EpiFix: a solution for when standard of care fails?
The therapeutic potential of human amnion/chorion tissue grafts in wound healing is well established (John, 2003). EpiFix is derived from amnion/chorion tissue and has been shown to stimulate healing in hard-to-heal wounds, with potential to positively affect four distinct and pivotal physiological processes intimately involved in wound healing: cell proliferation, inflammation, metalloproteinase activity and recruitment of progenitor cells (Koob et al, 2013).
In the inflammatory phase of healing, matrix metalloproteinases (MMP) levels increase, but should peak at day 3 before returning to baseline by day 10. Chronic inflammation can lead to persistently elevated levels of MMPs, which are known to degrade both the excellular matrix and the messaging between cells that are required to progress through the phases of healing. EpiFix contains essential regulatory proteins that can suppress MMPs and promote healing in the wound bed (Koob et al, 2013).
A series of RCTs demonstrate the healing potential of EpiFix (a summary of evidence is provided in Table 1). In one study, when compared with standard of care (SOC) alone, EpiFix was shown to heal 92% of DFUs at 6 weeks, versus just 8% for the control (P<0.001). Futhermore, of the 92% of wounds that healed, 50% did so within 7 days of application of EpiFix (Zelen et al, 2013) (Figure 3).
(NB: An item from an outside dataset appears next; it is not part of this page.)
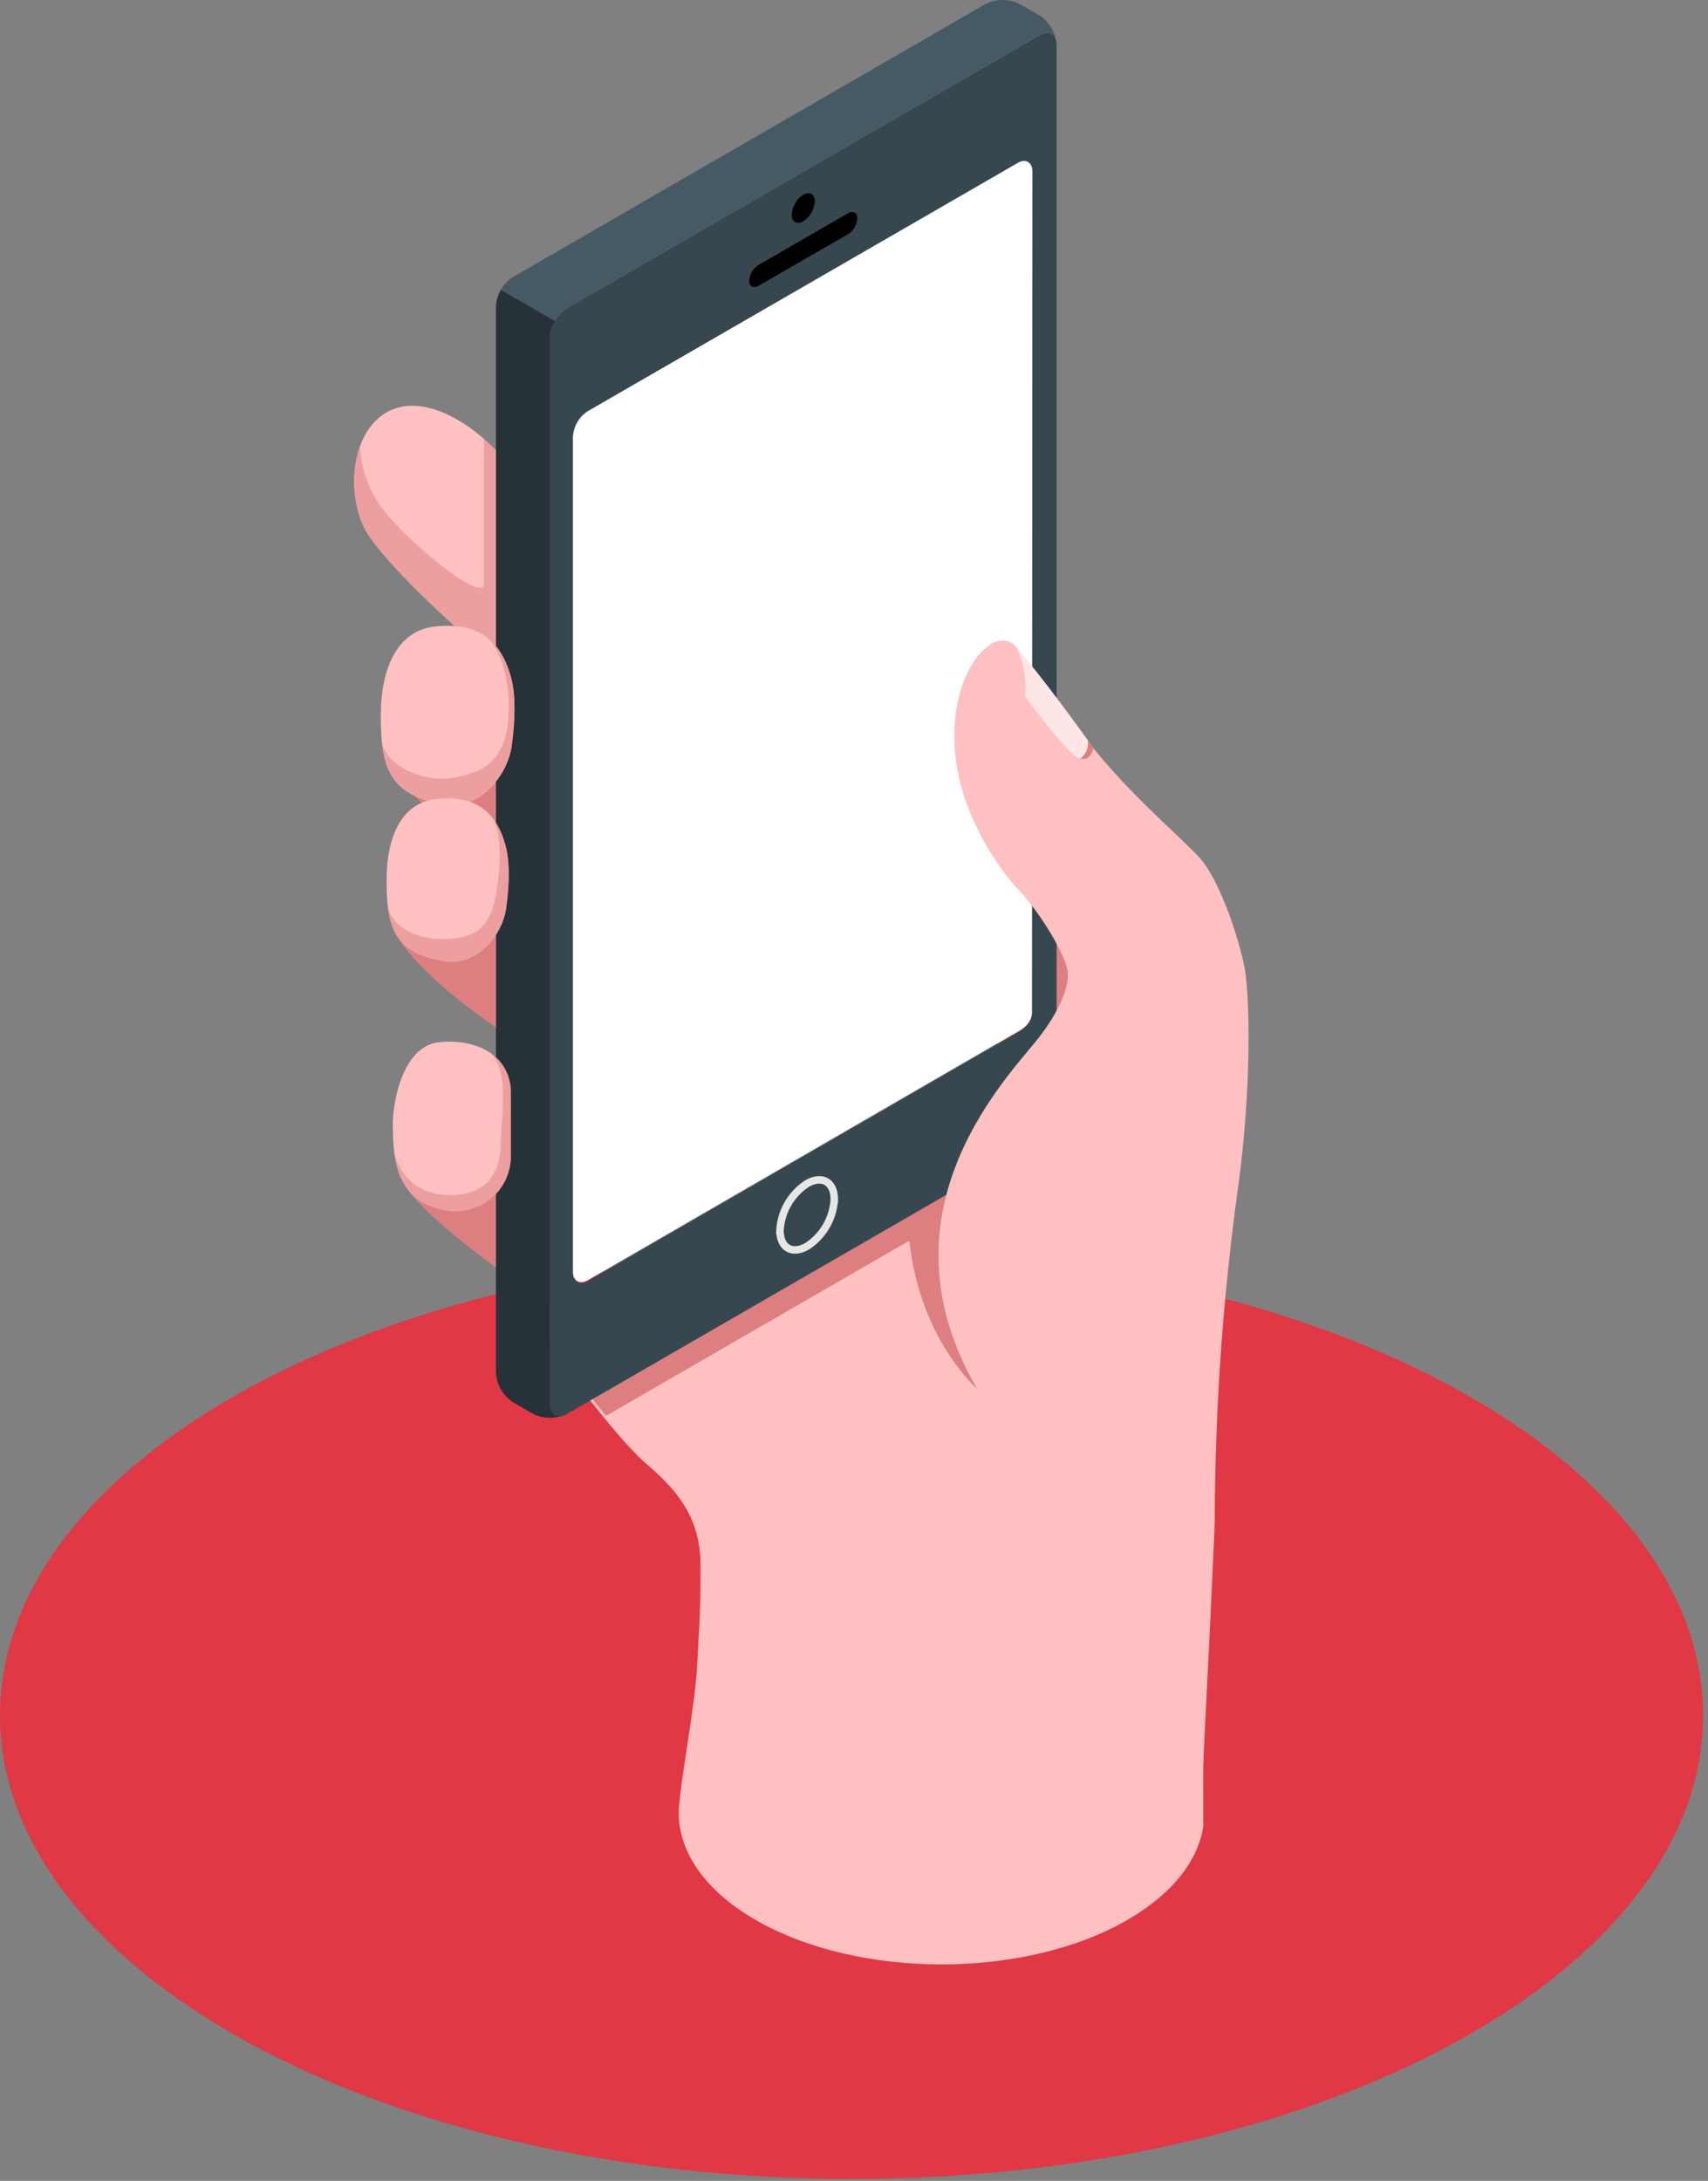 <svg xmlns="http://www.w3.org/2000/svg" width="228" height="291" fill="none" viewBox="0 0 228 291"><rect x="0" y="0" width="228" height="291" fill="#808080" stroke="none"/><path fill="#E03844" d="M113.674 290.744c62.781 0 113.675-27.691 113.675-61.849 0-34.159-50.894-61.85-113.675-61.85C50.894 167.045 0 194.736 0 228.895c0 34.158 50.894 61.849 113.674 61.849Z"/><path fill="#FFC0C1" d="M161.069 226.148c-.505 9.871-.466 9.459-.439 13.829v3.678c-.665 4.57-4.078 9.034-10.137 12.533-13.703 7.909-35.921 7.909-49.624 0-7.064-4.078-10.483-9.466-10.257-14.808v-.039c.04-.453.087-.925.147-1.417v-.054c.591-5.195 1.995-12.459 2.281-17.334.466-7.737.472-9.459.472-13.623 0-4.71-1.55-8.794-6.97-13.351-5.422-4.556-16.198-20.142-16.198-20.142l71.494-36.718 20.322 64.363s-.353 8.695-1.091 23.083Z"/><path fill="#DD7E81" d="M147.804 132.44c1.312-5.56-2.131-11.131-7.691-12.443-5.56-1.313-11.131 2.131-12.443 7.691-1.312 5.56 2.131 11.131 7.691 12.443 5.56 1.312 11.131-2.131 12.443-7.691ZM80.9 188.917l40.497-23.375c1.37 13.118 9.007 19.75 9.007 19.75l.625-25.304-8.109-4.657-47.068 27.18c1.576 2.049 3.332 4.324 5.048 6.406Z"/><path fill="#37474F" d="m138.759 4.712-63.06 36.406a5.076 5.076 0 0 0-2.295 3.991v142.218c0 1.457 1.03 2.056 2.295 1.33l63.06-36.405a5.089 5.089 0 0 0 2.288-3.992V6.036c0-1.463-1.025-2.055-2.288-1.324Zm-1.011 130.431c0 1.25-.879 2.049-1.996 2.661l-57.273 33.12c-1.084.625-1.995.119-1.995-1.138V58.38a4.364 4.364 0 0 1 1.995-3.406l57.339-33.1c1.085-.665 1.996-.12 1.996 1.131l-.066 112.138Z"/><path fill="#263238" d="M75.413 188.771a5.146 5.146 0 0 1-4.304-.14l-2.608-1.517a5.042 5.042 0 0 1-2.295-3.991V40.919a4.37 4.37 0 0 1 .393-1.71c.08-.189.171-.373.272-.552l7.218 4.164a6.1 6.1 0 0 0-.4.845 4.215 4.215 0 0 0-.279 1.417V187.3c-.006 1.351.872 1.956 2.003 1.471Z"/><path stroke="#E6E6E6" stroke-miterlimit="10" d="M107.747 157.926c1.996-1.151 3.619-.213 3.619 2.095a7.98 7.98 0 0 1-3.619 6.266c-1.995 1.158-3.625.22-3.625-2.089a7.986 7.986 0 0 1 3.625-6.272Z"/><path fill="#000" d="M107.229 25.979c.844-.486 1.536-.093 1.536.891a3.408 3.408 0 0 1-1.536 2.66c-.852.493-1.537.094-1.537-.884a3.397 3.397 0 0 1 1.537-2.667ZM101.295 35.331l11.867-6.851c.705-.413 1.284-.12 1.284.665a2.73 2.73 0 0 1-1.284 2.128l-11.867 6.839c-.712.405-1.284.12-1.284-.666a2.753 2.753 0 0 1 1.284-2.115Z"/><path fill="#fff" d="M137.748 135.03c0 1.25-.879 2.049-1.996 2.661l-57.273 33.113c-1.084.625-1.995.12-1.995-1.138v-111.4a4.37 4.37 0 0 1 1.995-3.411l57.339-33.094c1.085-.665 1.996-.12 1.996 1.131l-.066 112.138Z"/><path fill="#455A64" d="M141.007 5.664c-.166-1.191-1.118-1.623-2.268-.958L75.692 41.118a4.657 4.657 0 0 0-1.616 1.71l-7.218-4.164a4.61 4.61 0 0 1 1.623-1.703L131.541.548a5.065 5.065 0 0 1 4.583 0l2.661 1.51a5.149 5.149 0 0 1 2.222 3.606Z"/><path fill="#FFC0C1" d="M162.16 203.066a330.223 330.223 0 0 1 2.967-43.584c2.062-14.414 1.663-26.747 1.031-30.233-.632-3.485-3.253-11.9-6.186-14.973-2.728-2.86-8.089-7.45-12.726-12.891-4.636-5.442-9.04-11.595-11.514-14.927-2.475-3.333-8.647 2.035-8.322 12.638.247 8.688 5.721 16.67 8.475 19.537 2.754 2.867 6.426 8.741 6.652 11.129.186 1.995-1.217 5.361-4.038 8.906-4.403 5.528-21.705 23.189-8.089 46.597v21.472l31.75-3.671Z"/><path fill="#FFC0C1" d="M136.843 92.957s5.281 7.164 6.964 8.088c1.683.925 2.169-1.184 2.169-1.184-2.428-3.406-6.951-9.605-10.237-13.397a12.58 12.58 0 0 1 1.104 6.493Z"/><path fill="#fff" d="M136.843 92.957s5.281 7.164 6.964 8.088c1.683.925 2.169-1.184 2.169-1.184-2.428-3.406-6.951-9.605-10.237-13.397a12.58 12.58 0 0 1 1.104 6.493Z" opacity=".6"/><path fill="#DD7E81" d="M145.976 99.861a10.934 10.934 0 0 0-.785-1.097 2.505 2.505 0 0 1-.978 2.454c1.384.399 1.763-1.357 1.763-1.357Z"/><path fill="#FFC0C1" d="M66.193 60.076c-4.523-4.656-10.942-7.929-15.36-4.536-4.416 3.392-4.43 11.727-1.649 15.864 4.27 6.34 17.009 16.963 17.009 16.963v-28.29Z"/><path fill="#DD7E81" d="M66.193 60.076a26.139 26.139 0 0 0-1.59-1.51v19.29c0 2.662-9.312-4.789-12.99-9.312a14.747 14.747 0 0 1-3.546-9c-1.404 3.898-.852 8.927 1.117 11.854 4.27 6.34 17.009 16.962 17.009 16.962V60.076Z" opacity=".5"/><path fill="#DD7E81" d="M54.08 158.205c2.242 3.838 12.113 10.903 12.113 10.903v-22.032L54.08 158.205ZM53.415 103.766c2.361 4.044 12.778 11.501 12.778 11.501V92.025l-12.778 11.741ZM52.916 124.733c3.226 5.707 13.304 12.366 13.304 12.366v-21.752l-13.304 9.386Z"/><path fill="#FFC0C1" d="M58.257 83.57c5.748-.525 8.76 1.996 10.045 7.152.485 1.949.538 5.035 0 8.867-.54 3.831-4.164 8.421-8.834 7.729h-.226c-7.55-1.224-8.408-5.282-8.408-11.827 0-6.546 2.308-11.455 7.423-11.92Z"/><path fill="#DD7E81" d="M65.042 85.087c.413.366 2.847 2.748 2.874 9.353 0 7.224-3.599 8.721-7.603 9.366-4.005.645-9.393-1.849-9.393-5.461.346 4.856 1.95 7.902 8.322 8.94h.226c4.656.665 8.295-3.898 8.834-7.73.538-3.831.485-6.918 0-8.867-.632-2.494-1.683-4.383-3.26-5.6Z" opacity=".5"/><path fill="#FFC0C1" d="M58.384 106.593c5.248-.479 7.982 1.823 9.18 6.525.445 1.783.492 4.604 0 8.103-.493 3.498-3.806 7.689-8.07 7.064l-.212-.033c-6.892-1.118-7.677-4.823-7.677-10.803s2.11-10.43 6.779-10.856Z"/><path fill="#DD7E81" d="M65.7 109.081c.74 1.097 1.278 3.798.839 7.889-.566 5.361-1.716 7.982-6.406 8.302-4.856.352-7.842-1.896-8.355-4.264.46 3.898 2.102 6.366 7.504 7.244l.213.033c4.264.625 7.576-3.566 8.068-7.064.493-3.499.446-6.32 0-8.103a10.375 10.375 0 0 0-1.862-4.037Z" opacity=".5"/><path fill="#FFC0C1" d="M58.67 139.061c5.441-.499 9.519 2.095 9.519 6.778v8.408a7.364 7.364 0 0 1-8.375 7.317l-.213-.033c-7.157-1.164-7.07-7.703-7.157-11.135-.087-3.433 1.377-10.889 6.226-11.335Z"/><path fill="#DD7E81" d="M65.541 140.558c2.375 2.494 1.45 7.563 1.264 12.558-.126 3.466-1.929 6.34-6.652 6.34s-6.865-2.894-7.503-5.728c.392 3.273 1.763 6.972 6.978 7.823l.212.033a7.355 7.355 0 0 0 5.857-1.748 7.366 7.366 0 0 0 2.518-5.569v-8.428a6.216 6.216 0 0 0-2.674-5.281Z" opacity=".5"/></svg>

Another trial comparing EpiFix with SOC and an alternative living product (Apligraf®, Novartis®) showed superiority for complete healing in DFUs at weeks 4, 6 and 12 (Zelen et al, 2015) (Figure 4).
A more recent RCT (Tettlebach et al, 2019) of 110 patients from 14 wound clinics confirmed the efficacy of EpiFix compared with SOC (sharp debridement, standard wound dressings with alginate dressings, absorbent non-adhesive hydropolymer secondary dressings and gauze alone). Time to complete wound closure was assessed over 12 weeks in patients with non-healing DFUs. In the intent-to-treat (ITT) group, 70% of patients who received weekly EpiFix plus SOC had complete healing by 12 weeks, compared with 50% in the SOC group (P=0.0338). Subjects that completed the study without a protocol deviation, the per-protocol (PP) group, demonstrated 81% of patients who received weekly EpiFix plus SOC had complete healing by 12 weeks, compared with 55% in the SOC group (P=0.0093). Furthermore, patients identified in the ITT cohort as having ‘inadequate debridement’ were 64% less likely to heal within 12 weeks, when controlling for covariates (P=0.022) (Tettlebach et al, 2019).
Conclusion
The use of sharp surgical debridement combined with the application of dHACM allograft (or known in the trade as EpiFix) over stalled wounds has been shown to significantly enhance healing rates in hard-to-heal wounds. Furthermore, inadequate debridement significantly impacts the likelihood of healing, suggesting patients could benefit from a more aggressive and proactive surgical approach.